The key factor is that if suppliers know they are conforming to those standards they can sell their systems to any police services; and the forces know they can find alternative suppliers offering competing systems.

Aspiration

Leach said the Policing Vision 2025, published in November of last year, provides a foundation for digital technology in policing. It provides an aspiration for an operational environment – with a local workforce, operational environment, digital capabilities and enabling services – underpinned by a coordinated ICT strategy.

The Police ICT company is developing processes to help realise that strategy and has worked out principles requiring forces to think about their data architecture in line with business architecture. One of its assumptions is that, before making decisions on IT, you ask if what you want to do has been done before; whether it conforms with standards; and if you can re-use it support collaboration.

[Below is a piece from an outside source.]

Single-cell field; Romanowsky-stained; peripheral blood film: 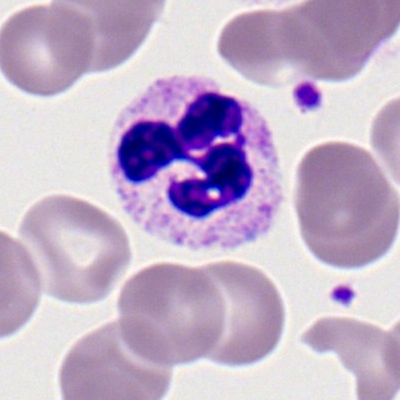 Specimen: peripheral blood smear.
Cell type: polymorphonuclear neutrophil.

Other positive steps have been taken: the NPCC has working groups for issues such as infrastructure and commercial arrangements; police forces are becoming more confident about the security of cloud services for holding information; and the Police ICT Company is working on a more coordinated approach to contracts with suppliers. Also, the Police Transformation Fund is supporting initiatives in using digital technology.

And the standards to underpin this do not necessarily have to developed exclusively for policing. Some are already in place – including those developed by the Government Digital Service – that could be applied to policing to support the better use of information. They could be a great asset in supporting collaboration and providing the value from commodity IT.

Common information and technical standards will be great for modern policing; and there is no need to develop them within a police silo.